The invention also provides a crystalline silicon solar cell diffusion layer obtained by the preparation method, the diffusion layer comprises a first diffusion structure and a second diffusion structure, the sheet resistance of the first diffusion structure and the sheet resistance of the second diffusion structure are both 20 omega/□ -110 omega/□, and the sheet resistance of the first diffusion structure is larger than that of the second diffusion structure.
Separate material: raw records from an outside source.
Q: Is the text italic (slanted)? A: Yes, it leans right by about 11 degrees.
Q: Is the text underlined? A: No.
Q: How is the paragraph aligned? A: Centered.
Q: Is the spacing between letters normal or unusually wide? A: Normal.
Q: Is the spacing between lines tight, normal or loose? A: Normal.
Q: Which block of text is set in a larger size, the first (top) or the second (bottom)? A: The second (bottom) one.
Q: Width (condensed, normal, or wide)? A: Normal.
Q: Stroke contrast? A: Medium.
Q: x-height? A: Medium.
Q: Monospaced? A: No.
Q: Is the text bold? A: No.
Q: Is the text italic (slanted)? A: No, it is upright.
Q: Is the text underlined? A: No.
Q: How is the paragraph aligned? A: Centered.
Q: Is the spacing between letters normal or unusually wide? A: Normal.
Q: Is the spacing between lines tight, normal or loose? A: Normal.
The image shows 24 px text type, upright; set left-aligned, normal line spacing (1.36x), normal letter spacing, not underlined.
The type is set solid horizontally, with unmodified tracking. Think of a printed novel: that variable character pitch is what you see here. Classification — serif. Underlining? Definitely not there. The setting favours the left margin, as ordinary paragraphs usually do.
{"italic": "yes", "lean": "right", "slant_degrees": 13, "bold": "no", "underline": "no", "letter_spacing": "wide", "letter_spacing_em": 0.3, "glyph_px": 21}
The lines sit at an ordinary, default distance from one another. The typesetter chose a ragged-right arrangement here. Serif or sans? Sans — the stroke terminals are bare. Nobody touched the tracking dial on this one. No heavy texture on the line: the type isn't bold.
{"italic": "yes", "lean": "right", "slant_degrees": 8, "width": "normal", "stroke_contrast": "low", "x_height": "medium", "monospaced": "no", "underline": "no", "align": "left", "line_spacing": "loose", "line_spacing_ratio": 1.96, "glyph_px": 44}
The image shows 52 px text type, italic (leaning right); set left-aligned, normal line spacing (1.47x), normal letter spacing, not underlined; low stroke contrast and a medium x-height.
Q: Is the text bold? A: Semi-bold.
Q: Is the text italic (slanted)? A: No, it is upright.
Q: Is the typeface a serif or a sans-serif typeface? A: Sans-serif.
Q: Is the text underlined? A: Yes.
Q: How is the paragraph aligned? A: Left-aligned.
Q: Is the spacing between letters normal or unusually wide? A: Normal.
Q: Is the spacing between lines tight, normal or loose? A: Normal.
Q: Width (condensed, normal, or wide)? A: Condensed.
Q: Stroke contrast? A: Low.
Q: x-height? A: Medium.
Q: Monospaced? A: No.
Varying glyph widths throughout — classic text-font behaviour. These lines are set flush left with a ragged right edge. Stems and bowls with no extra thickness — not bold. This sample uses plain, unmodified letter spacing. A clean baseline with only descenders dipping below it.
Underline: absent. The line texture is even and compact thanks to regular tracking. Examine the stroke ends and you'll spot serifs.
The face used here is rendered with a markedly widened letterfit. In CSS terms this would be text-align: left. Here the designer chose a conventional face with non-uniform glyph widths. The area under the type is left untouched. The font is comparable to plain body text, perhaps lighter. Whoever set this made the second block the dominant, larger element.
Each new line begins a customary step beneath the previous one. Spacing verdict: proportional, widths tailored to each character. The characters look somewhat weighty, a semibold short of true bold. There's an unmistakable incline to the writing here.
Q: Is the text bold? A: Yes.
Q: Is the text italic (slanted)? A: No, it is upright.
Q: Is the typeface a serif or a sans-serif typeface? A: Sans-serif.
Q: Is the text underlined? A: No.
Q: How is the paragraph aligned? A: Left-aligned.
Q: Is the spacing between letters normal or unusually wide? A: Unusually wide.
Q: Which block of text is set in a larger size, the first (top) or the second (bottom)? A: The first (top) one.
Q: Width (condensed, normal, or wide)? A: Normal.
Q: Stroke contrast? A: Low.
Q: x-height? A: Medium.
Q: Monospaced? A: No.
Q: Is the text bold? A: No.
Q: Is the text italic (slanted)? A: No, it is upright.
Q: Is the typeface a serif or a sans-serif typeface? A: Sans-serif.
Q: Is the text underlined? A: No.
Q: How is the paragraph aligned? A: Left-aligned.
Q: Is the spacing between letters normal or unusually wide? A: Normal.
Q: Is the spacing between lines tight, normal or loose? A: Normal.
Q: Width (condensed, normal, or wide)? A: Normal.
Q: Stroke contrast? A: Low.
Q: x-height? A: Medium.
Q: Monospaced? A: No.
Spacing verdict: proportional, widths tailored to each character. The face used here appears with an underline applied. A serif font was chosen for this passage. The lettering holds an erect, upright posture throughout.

Specifically, according to different processes, the second diffusion structures 52 in the obtained diffusion layer constitute a contact surface of the crystalline silicon solar cell, or the second diffusion structures 52 are formed at intervals in the diffusion layer 5 to constitute a contact surface of a part of the crystalline silicon solar cell.

Preferably, when the silicon wafer is an ultra-thin silicon wafer of 5 μm to 100 μm, the diffusion layer is formed. The flexible crystalline silicon solar cell can be prepared on the basis of the ultrathin silicon wafer, and further, the flexible solar cell module can be prepared on the basis of the flexible crystalline silicon solar cell.

The diffusion layer comprises the first diffusion structure and the second diffusion structure, and the square resistance of the first diffusion structure is larger than that of the second diffusion structure, so that the open-circuit voltage of the crystalline silicon solar cell can be improved. Moreover, the electrode is prepared on the surface of the second diffusion structure, so that the contact performance with the electrode can be improved, the contact resistance is reduced, the capacity of collecting photoproduction current of the battery is improved, and the electrode is suitable for being applied to high-sensitivity devices, thin film batteries in the aviation field and the like.

The invention also provides a crystalline silicon solar cell which comprises an electrode and the diffusion layer, wherein the electrode is arranged on the surface of the second diffusion structure.

Preferably, when the silicon wafer is an ultrathin silicon wafer with the thickness of 5-100 μm, the prepared flexible crystalline silicon solar cell is.

The conversion efficiency of the crystalline silicon solar cell is far higher than that of other solar cells, and the crystalline silicon solar cell can be produced in batch, and is high in production efficiency and low in cost.

The invention also provides a solar cell module which comprises the crystalline silicon solar cell.

Specifically, the solar cell module further comprises a substrate, an encapsulating material and the like.

Preferably, when the crystalline silicon solar cell is a flexible crystalline silicon solar cell, a flexible solar cell module can be prepared.

The solar cell module has high electric energy conversion efficiency. In addition, the cost of the crystalline silicon solar cell is reduced, so that the overall cost of the solar cell module is reduced, the power generation cost of the solar cell module is reduced, and the solar cell module has great market competitiveness.

Hereinafter, the crystalline silicon solar cell diffusion layer and the method for preparing the same will be further described by the following specific examples.